Firefighters have been working all night in New South Wales, trying to contain contain blazes which are still burning across the state.
Hundreds of homes have already been lost, and at least one person has been confirmed dead, with authorities warning more bodies could be discovered as they begin to investigate burned-out buildings.
One quote from New South Wales Premier Barry O’Farrell, giving during a sober press conference yesterday evening speaks to the severity of the situation:
“I suspect if we get through that without the loss of life we should all thank God for miracles.”
According to authorities around 2,000 firefighters are still trying to put out multiple blazes across the state, and police and rescue units will today try to find residents who are unaccounted for.
The worst fires appear to be at Springwood and Lithgow — both in the Blue Mountains, as well as another near Newcastle at Nords Wharf. Emergency warnings remain in place for all three.
There were reports late yesterday evening that traffic on the Hume Highway was backed-up for 30 kilometres after it was shut in both directions as a result of the infernos, and major delays are expected this morning.

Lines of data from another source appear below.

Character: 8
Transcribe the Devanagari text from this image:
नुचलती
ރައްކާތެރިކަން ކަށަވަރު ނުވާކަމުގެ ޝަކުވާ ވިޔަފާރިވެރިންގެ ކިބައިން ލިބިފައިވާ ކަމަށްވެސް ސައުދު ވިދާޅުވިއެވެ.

Hundreds of residents were forced to evacuate, and spent the night in emergency accommodation. There were also mass power outages which effected thousands of homes.

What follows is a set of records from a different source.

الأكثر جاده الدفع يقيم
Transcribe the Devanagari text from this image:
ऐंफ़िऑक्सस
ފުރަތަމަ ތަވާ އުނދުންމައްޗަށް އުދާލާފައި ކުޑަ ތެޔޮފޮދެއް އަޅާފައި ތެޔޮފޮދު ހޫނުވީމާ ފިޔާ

In a statement released on Facebook New South Wales Fire Commissioner Shane Fitzsimmons said the full extend of the carnage was yet to be revealed.
“It has clearly been a difficult and dangerous day for many of our members, and for communities affected by fires in areas including the Blue Mountains, Port Stephens, Lake Macquarie and Wingecarribee, as well as the Hunter, South Coast and northern region of NSW,” he said.
“Sadly, indications are there have been substantial losses from these fires. In some of these fire areas it is likely there have been dozens, if not hundreds of homes destroyed.
“These fires will have (long lasting effects) for all involved.”
Earlier, Deputy Rural Fire Service Commissioner Rob Rogers had said the fires were the worst he’d seen in more than a decade and that it would not get better for some time yet.
“It was a very warm winter, a very dry winter … we’re not even one month into spring and we’ve already got this,” he said.
We will have more developments as they come to hand.